This repository contains codes and sample notebooks for downloading and processing the SSH mapping data challenge.
The quickstart can be run online by clicking here:
The goal is to investigate how to best reconstruct sequences of Sea Surface Height (SSH) maps from partial satellite altimetry observations. This data challenge follows an Observation System Simulation Experiment framework: "Real" full SSH are from a numerical simulation with a realistic, high-resolution ocean circulation model: the reference simulation. Satellite observations are simulated by sampling the reference simulation based on realistic orbits of past, existing or future altimetry satellites. A baseline reconstruction method is provided (see below) and the practical goal of the challenge is to beat this baseline according to scores also described below and in Jupyter notebooks.
The reference simulation is the NATL60 simulation based on the NEMO model (Ajayi et al. 2020 doi:10.1029/2019JC015827). The simulation is run without tidal forcing.

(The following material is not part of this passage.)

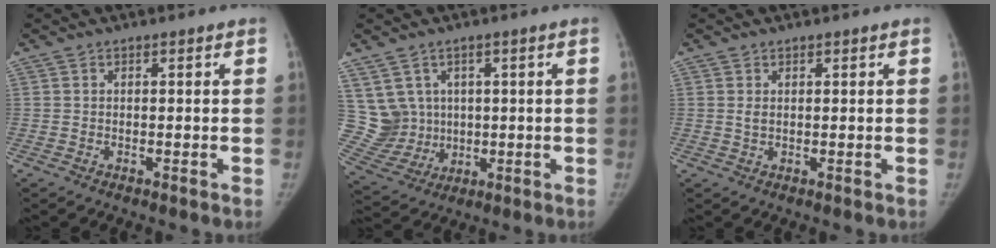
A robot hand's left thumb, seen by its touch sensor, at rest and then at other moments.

The SSH observations include simulations of Topex-Poseidon, Jason 1, Geosat Follow-On, Envisat, and SWOT altimeter data. This nadir altimeters constellation was operating during the 2003-2005 period and is still considered as a historical optimal constellation in terms of spatio-temporal coverage. The data challenge simulates the addition of SWOT to this reference constellation. No observation error is considered in this challenge.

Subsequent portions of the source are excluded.